Kepala Staf Kepresidenan Moeldoko: Nama Saya Ada Di Mana-mana

Edisi: 47/48 / Tanggal : 2020-01-19 / Halaman : 100 / Rubrik : WAW / Penulis : Wahyu Dhyatmika, Mahardika Satria Hadi, Aisha Shaidra.


INSIDEN masuknya kapal-kapal ikan dan penjaga pantai Cina ke perairan Natuna, Kepulauan Riau, sejak akhir Desember 2019 mengingatkan Kepala Staf Kepresidenan Moeldoko pada sejarah Kerajaan Sriwijaya berabad-abad silam. Dulu, ketika Sriwijaya sibuk memerangi Kerajaan Mataram Kuno di Pulau Jawa, kekuasaannya di Selat Malaka lepas ke tangan Tiongkok. "Belajar dari sejarah itu, kita tidak boleh lengah. Jangan kita sibuk dengan urusan dalam negeri sehingga kedaulatan terabaikan, apalagi Laut Natuna Utara begitu luas dan sering terjadi kekosongan," kata Moeldoko.

Berlayarnya puluhan kapal nelayan Cina yang dikawal pasukan penjaga pantai dan kapal fregat di wilayah perairan Zona Ekonomi Eksklusif (ZEE) Indonesia itu sempat memantik ketegangan antara Jakarta dan Beijing. Presiden Joko Widodo bahkan sampai kembali mendatangi Natuna. Ini kunjungan kedua Jokowi setelah ia menggelar rapat kabinet terbatas di atas kapal perang KRI Imam Bonjol di Laut Natuna Utara pada 23 Juni 2016. Kala itu rapat digelar beberapa saat setelah kapal Tentara Nasional Indonesia Angkatan Laut menyergap kapal Cina di perairan kaya ikan serta cadangan minyak dan gas tersebut.
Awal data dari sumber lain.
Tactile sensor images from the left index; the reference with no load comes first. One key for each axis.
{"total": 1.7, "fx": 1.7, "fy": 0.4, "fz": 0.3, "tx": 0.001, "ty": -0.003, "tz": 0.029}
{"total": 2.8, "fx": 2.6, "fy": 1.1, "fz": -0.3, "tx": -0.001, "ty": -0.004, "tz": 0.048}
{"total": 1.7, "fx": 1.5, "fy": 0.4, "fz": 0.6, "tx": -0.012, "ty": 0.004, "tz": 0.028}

Moeldoko mengatakan kedatangan Presiden ke Natuna bertujuan meredam gejolak publik yang keburu emosional karena menganggap kapal-kapal Cina telah melanggar wilayah kedaulatan Indonesia. "Padahal nelayan (Cina) itu baru masuk wilayah hak berdaulat atau ZEE," kata Moeldoko, yang mendampingi Jokowi selama satu hari kunjungan ke Kabupaten Natuna pada Rabu, 8 Januari lalu.
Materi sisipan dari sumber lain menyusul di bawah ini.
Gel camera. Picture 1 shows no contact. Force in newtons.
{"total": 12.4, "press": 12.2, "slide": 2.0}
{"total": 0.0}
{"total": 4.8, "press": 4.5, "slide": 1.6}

Sejak kembali didapuk sebagai Kepala Staf Kepresidenan, 23 Oktober 2019, Moeldoko makin sibuk. Hampir setiap hari mantan Panglima TNI ini mendampingi Jokowi bersama Menteri Sekretaris Negara Pratikno dan Sekretaris Kabinet Pramono Anung. Dengan tambahan wakil kepala dan dua anggota staf khusus, pria kelahiran Kediri, Jawa Timur, 62 tahun lalu ini memanggul tugas berat memastikan puluhan janji Presiden selama masa kampanye terwujud dalam lima tahun ke depan.
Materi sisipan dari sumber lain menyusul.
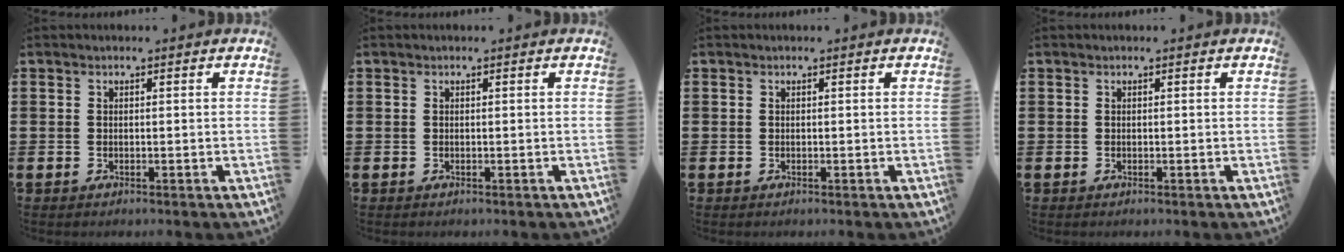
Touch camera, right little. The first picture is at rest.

Moeldoko menerima wartawan Tempo Wahyu Dhyatmika, Mahardika Satria Hadi, Aisha Shaidra, dan Retno Sulistyawati di Kantor Staf Presiden di Bina Graha, kompleks Istana Kepresidenan, Jakarta Pusat, Jumat, 10 Januari lalu. Selama sekitar satu jam, ia membahas insiden di Natuna, tugas barunya yang bertambah, juga isu keterkaitan dirinya dengan mantan direktur PT Asuransi Jiwasraya (Persero) yang terbelit skandal.

Bagaimana pemerintah Indonesia menyikapi klaim pemerintah Cina di perairan Natuna?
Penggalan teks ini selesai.